In the absence of legislative remedies, NACD must work to ensure that its members are kept up to speed on regulatory and enforcement initiatives that have begun to proliferate, explains Andrew Skipp, NACD board chairman. "We need to ensure that our member companies know what's happening on the regulatory and legislative fronts and give them the tools to deal with it," Skipp says.

Skipp, president and chief executive of Hubbard-Hall, a 162-year-old chemicals distributor and blender based in Waterbury, Connecticut, champions the NACD policy of creating value for its members.

"One of the things we as an organization must always do is to have relevance to our members," Skipp says. "As we look at what our members are being challenged with, we want to ensure that they are doing things in a responsible way," he says, which is why NACD's "Responsible Distribution" program is on a par with advocacy as a primary focus for the group.

As with Jahn, Skipp notes increasing scrutiny of distributors by an alphabet soup of regulator agencies, including EPA, OSHA and DHS but also the Department of Transportation (DOT). "I can't remember a time when things have been so extreme in both enforcement and the fines being levied right now," Skipp says.

And, like Jahn, he cites the new regulatory philosophy of "find and fine". The impact of ramped-up enforcement can be profound for NACD member firms, Skipp notes.

"Most of our members are owner-managed businesses," he adds, "and that means that for most of them, it's not just 'a job', it's their livelihood - and for many of them it is the most significant investment they have personally.

"So it's not just business, it's a matter of name and reputation, and we take these things seriously. We all have a vested interest in making sure that we do things right for our customers, our employees and our communities, so in these regulatory matters there is a higher level of sensitivity.

"We look at our businesses in a more critical way to ensure that we are doing things right, and our job at NACD is to help our members and business leaders to be aware of the various challenges ahead, even if they might not see them on a day-to-day basis."

Skipp says that NACD member firms understand that regulatory agencies have the statutory right and authority to issue fines, "but it is important that our members are aware and sensitive to the fact that it is a different game right now."

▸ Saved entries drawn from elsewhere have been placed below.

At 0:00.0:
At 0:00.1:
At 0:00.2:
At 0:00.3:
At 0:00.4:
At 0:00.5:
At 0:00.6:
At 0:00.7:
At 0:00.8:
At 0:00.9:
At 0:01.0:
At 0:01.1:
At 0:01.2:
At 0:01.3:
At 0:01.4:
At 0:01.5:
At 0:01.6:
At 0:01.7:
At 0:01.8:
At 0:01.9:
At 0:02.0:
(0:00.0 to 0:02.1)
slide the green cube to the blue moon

"We're not complaining or whining about the increased scrutiny," Skipp says. "And I have every confidence that EPA is looking to keep us safe - but it is a matter of degrees on rules interpretation and how fines are being meted out."

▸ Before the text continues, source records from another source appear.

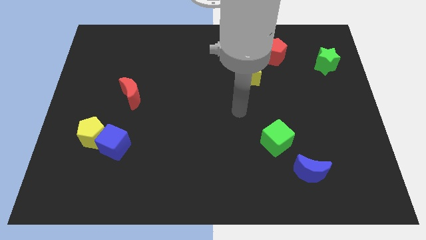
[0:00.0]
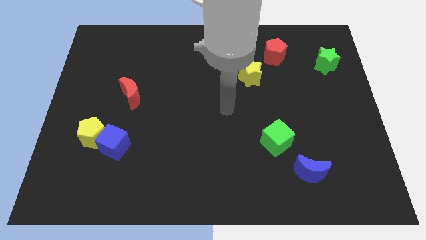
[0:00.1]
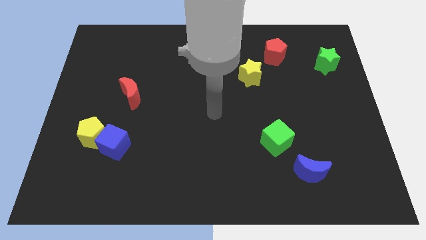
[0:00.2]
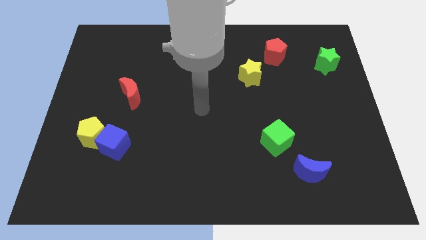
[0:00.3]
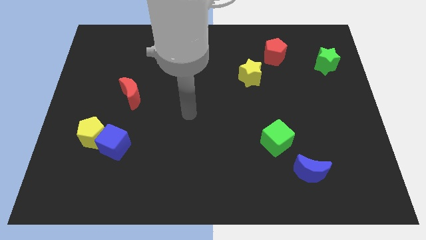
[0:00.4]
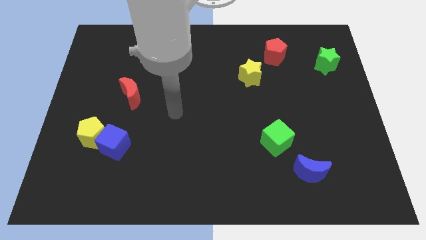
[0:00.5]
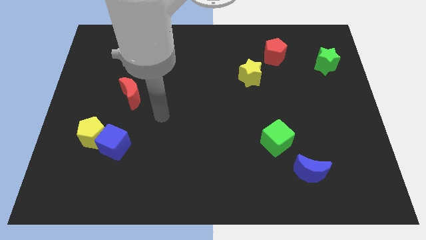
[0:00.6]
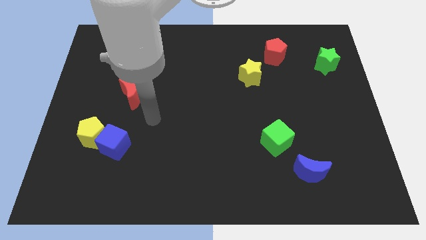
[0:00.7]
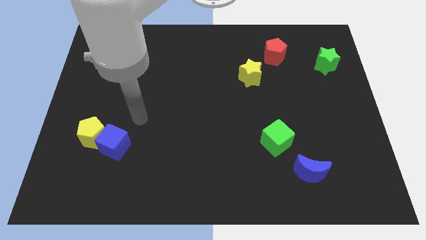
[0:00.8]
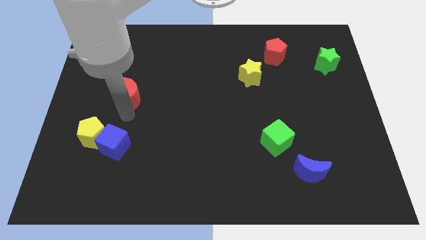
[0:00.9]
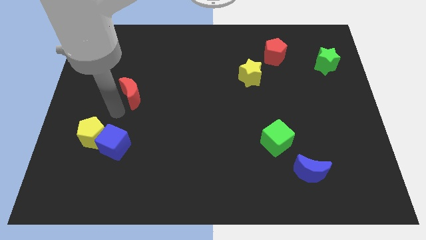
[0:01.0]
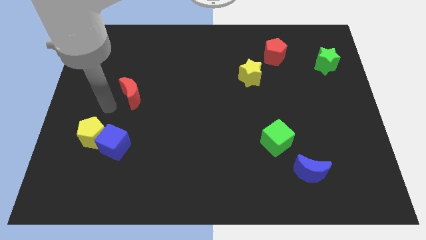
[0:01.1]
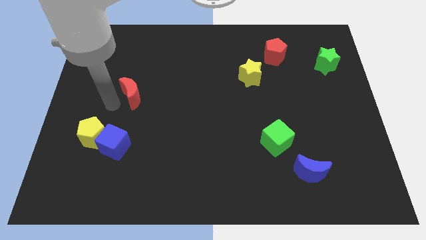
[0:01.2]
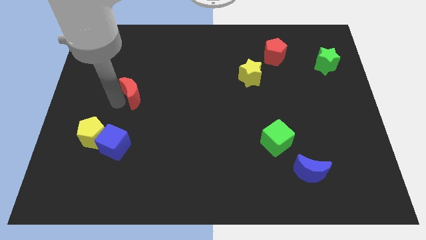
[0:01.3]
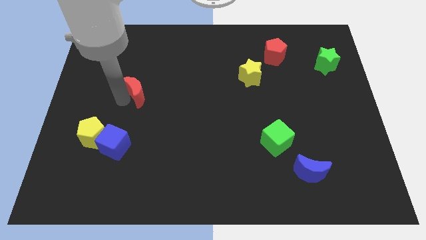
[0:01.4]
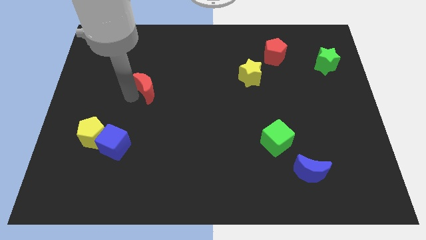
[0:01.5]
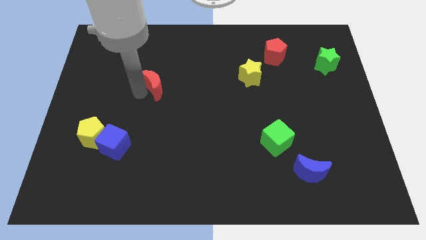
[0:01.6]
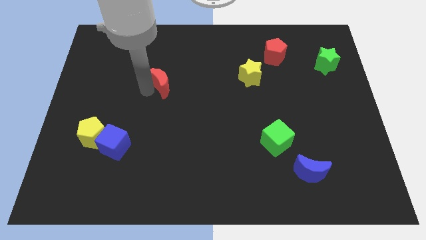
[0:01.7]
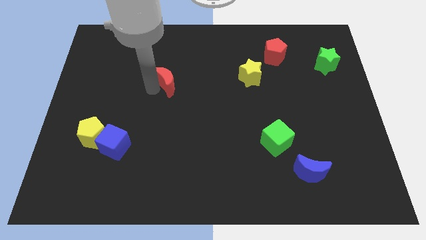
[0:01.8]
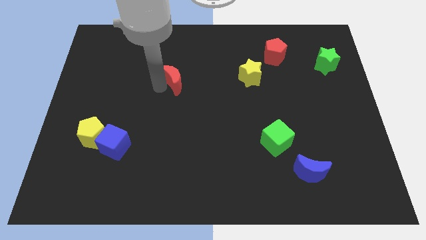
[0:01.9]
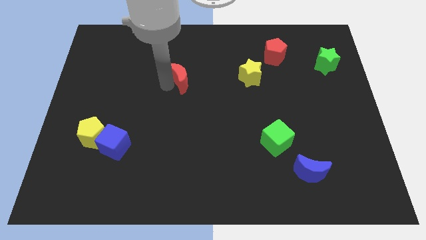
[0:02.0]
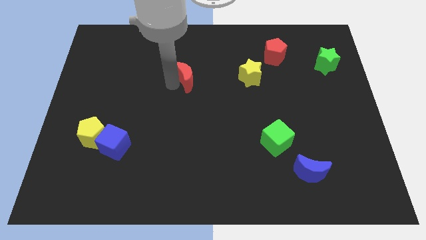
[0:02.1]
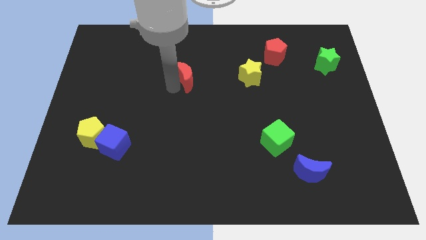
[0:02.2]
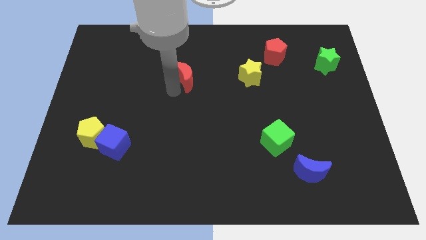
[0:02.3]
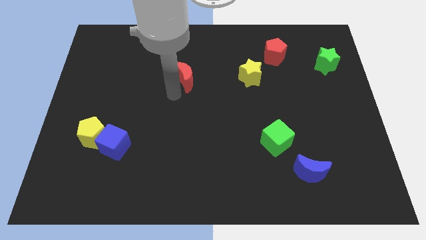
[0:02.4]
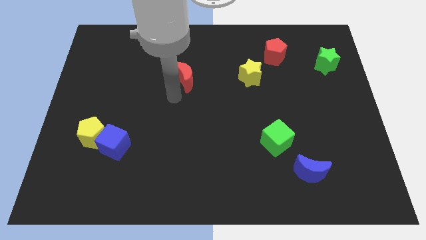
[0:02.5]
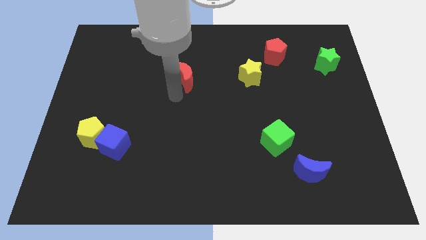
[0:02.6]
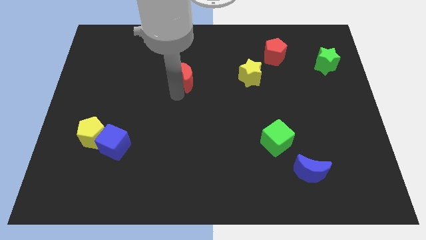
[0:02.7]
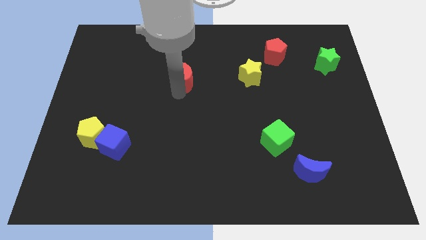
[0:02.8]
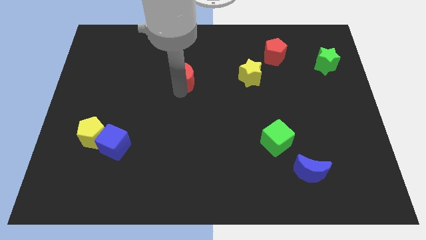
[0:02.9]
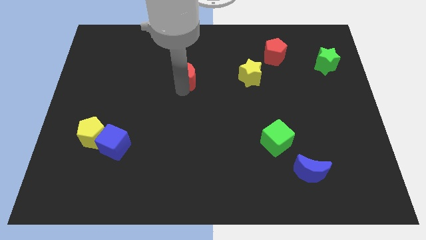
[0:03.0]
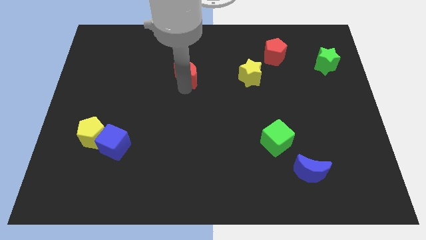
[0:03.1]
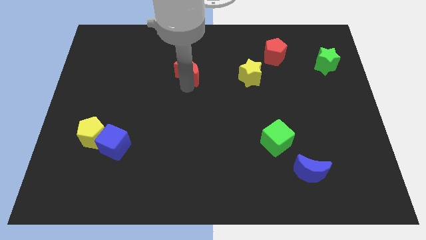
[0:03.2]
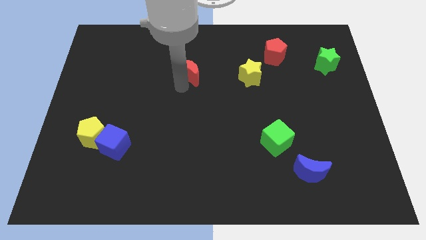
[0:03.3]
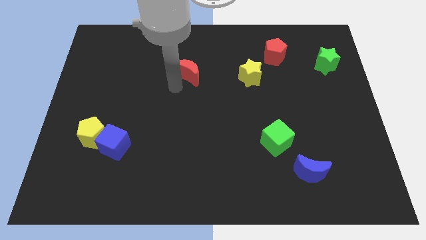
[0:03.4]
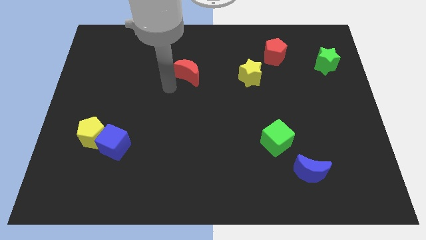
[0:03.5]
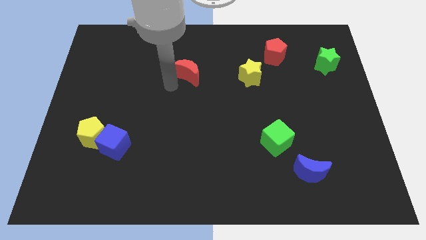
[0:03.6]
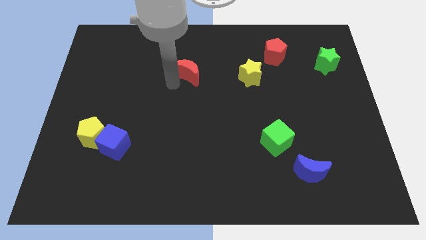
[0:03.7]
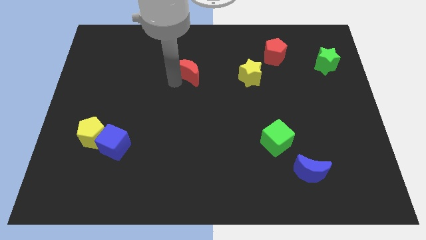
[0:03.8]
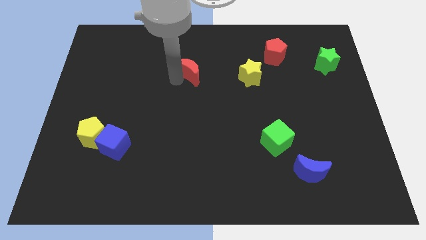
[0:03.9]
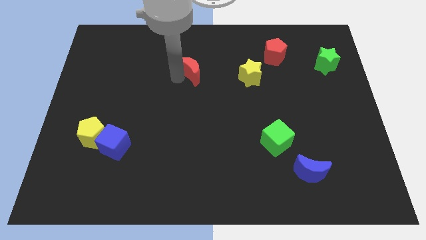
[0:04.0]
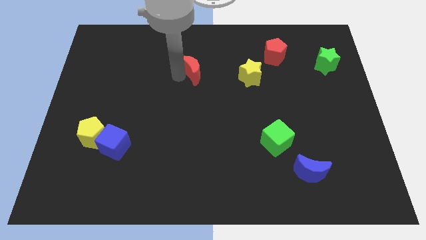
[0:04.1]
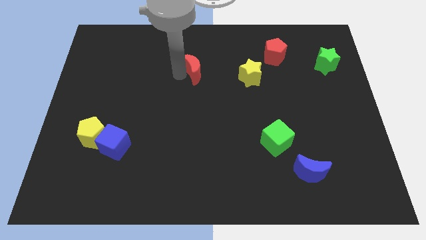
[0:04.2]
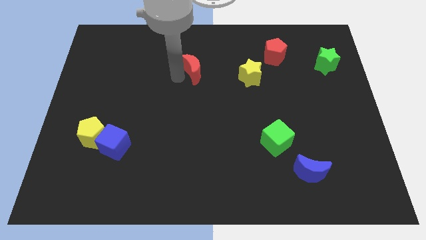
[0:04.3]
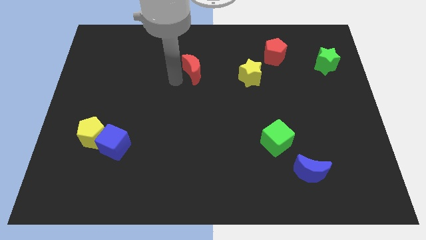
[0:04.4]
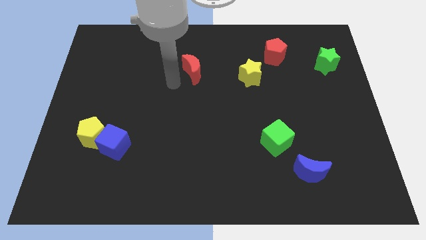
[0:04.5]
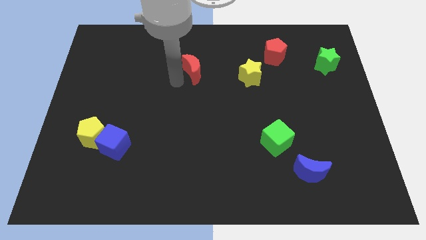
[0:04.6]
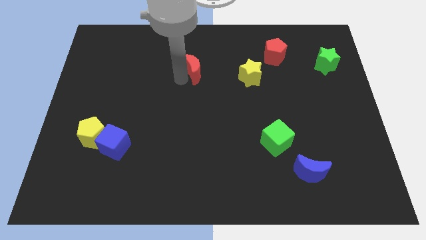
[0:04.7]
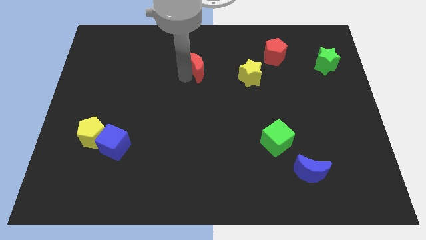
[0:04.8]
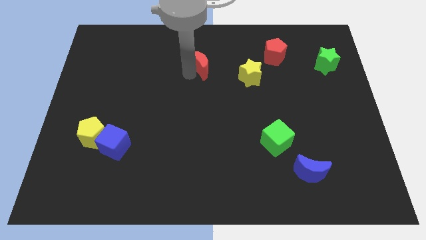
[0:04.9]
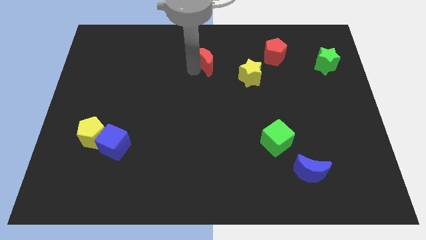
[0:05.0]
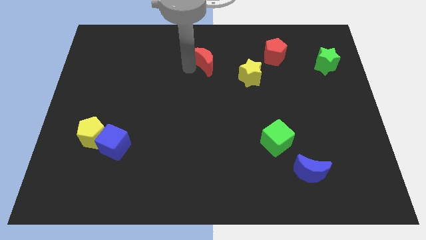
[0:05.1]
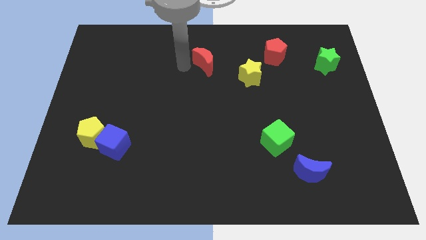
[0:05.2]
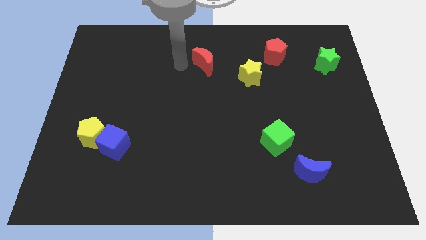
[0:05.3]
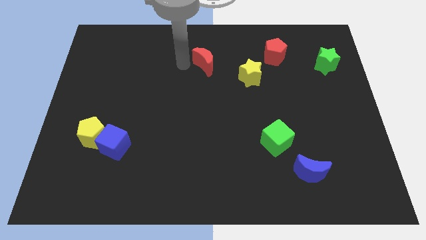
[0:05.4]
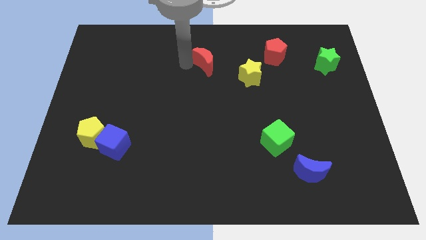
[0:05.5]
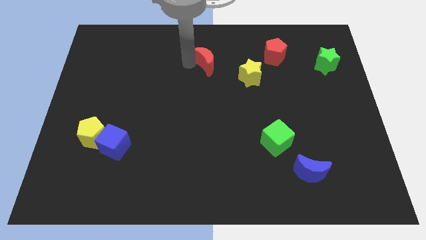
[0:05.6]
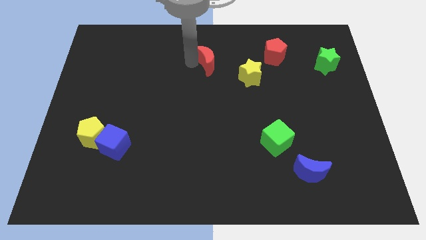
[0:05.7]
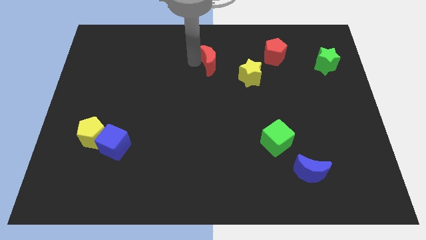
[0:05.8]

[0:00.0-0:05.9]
put the red moon to the top left side of the yellow star

He says that NACD and its government relations staff seek to advocate for the members but also to reach out to regulators. "We want to be proactive with regulators," he says. "What is the goal here? Is it to make industry and people safe, or is it just to get fines revenue and justification for EPA, OSHA, DOT and DHS? I see the merits of all these programs, and we are better off because of their work, but it is a matter of degree."

"We want to work cooperatively and more effectively with regulators," he adds, "and we want to be working together, rather than an adversarial relationship."

Toward that end, Skipp notes that NACD soon expects to hire another government relations professional, who will assist Jennifer Gibson, NACD's experienced vice president for government affairs.

"We can only work on those things that we can control, so we have to reach out and be proactive, and communicate to regulators what can help or hinder our businesses to operate," Skipp says. "We need dialogue, not argument," he concludes.